Question: My parents are concerned about protecting their home. Some people have recommended that we consider creating a trust while others have suggested that they transfer the house to my siblings and me, with my parents retaining a life estate, which is a better idea?
Answer: This issue comes up often in our practice. For starters, an explanation of the two planning tools is probably necessary so that you can make the choice that is best for you. A deed with a life estate legally transfers the title of property to a designated party after the death of the original party. The original party retains the right to live in the house and is responsible for all household expenses. A transfer of a deed into an irrevocable trust transfers the title of property to the beneficiaries of the trust after the death of the trust creator. Like a deed with a life estate, the creator of the trust retains the right to live in the house and is responsible for all household expenses. The trust is considered a Grantor Trust for tax purposes, meaning that the Grantor is still considered the owner for tax purposes.
Planning for Medicaid and Asset Protection
A deed with a life estate and a deed to an irrevocable trust both start the five-year look-back with respect to Medicaid planning and asset protection. Both transfers would allow your parents to retain certain rights with respect to lifetime use of the property including tax benefits associated with ownership including enhanced star benefit, Veteran’s benefit and any capital gains exemptions they would otherwise be eligible to receive. However, there are several benefits to a deed transfer to an irrevocable trust over a deed with a life estate.
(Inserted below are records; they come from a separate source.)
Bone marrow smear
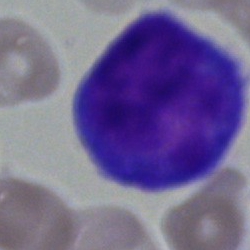
Cell type = progranulocyte.
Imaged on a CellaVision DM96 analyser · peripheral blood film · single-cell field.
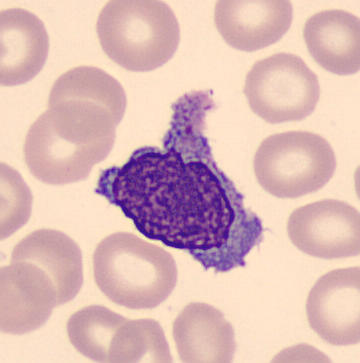Morphology consistent with a monocyte.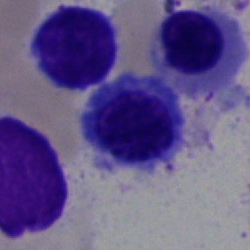Q: Identify the cell.
A: Normoblast.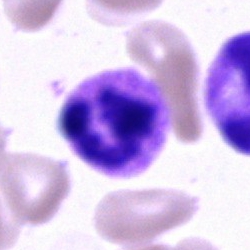
Specimen: bone marrow smear.
Morphological class: segmented neutrophil.
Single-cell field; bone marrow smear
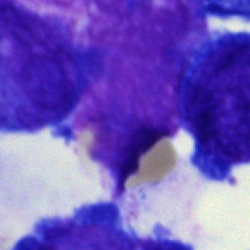
Q: What is shown here?
A: This is an artefact.
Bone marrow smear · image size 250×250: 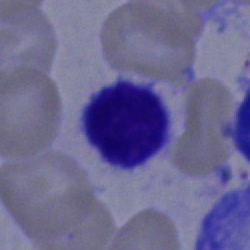A lymphocyte.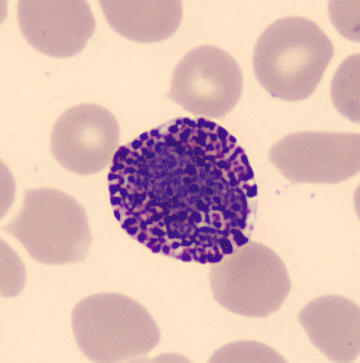

Peripheral blood film. Morphology consistent with a basophilic granulocyte.
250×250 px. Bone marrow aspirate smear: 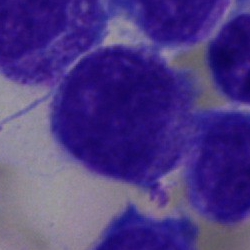

Blast cell.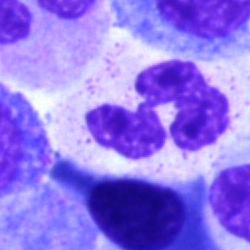Q: What is the morphological classification of this cell?
A: A neutrophil (segmented).

First, transferring the house to an irrevocable trust would give your parents more flexibility than a deed with a life estate. For example, if a deed with a life estate needed to be transferred back to your parents and one of the children refuse to sign the deed; the parent would have no recourse to get the property back into their names. Additionally, the property could be subject to the children’s creditors and/or divorcing spouses. Contrast that with a transfer to an irrevocable trust, the Grantor would be able to amend or revoke the irrevocable trust with permission from the beneficiaries and the Grantor would maintain the ability to change beneficiary at any time. Therefore, if a change was required and one of the children did not agree, the Grantor could simply remove that child and make the change.
Another reason to transfer the house to an irrevocable trust is that if the property is sold during the Grantor’s lifetime, the Grantor would retain the capital gains exemption of $250,000.00. If the property is sold with a deed with a life estate, the parent would only be able to use the capital gains exemption with respect to the value associated with the life estate which would only be a portion of the total value of the property.
Estate Tax Planning for Your Family
The transfer into an irrevocable trust offers flexibility in planning, maintenance in any current tax exemptions and complete asset protection. In order to determine which option is best for your individual situation, you should consult an elder law attorney in your area.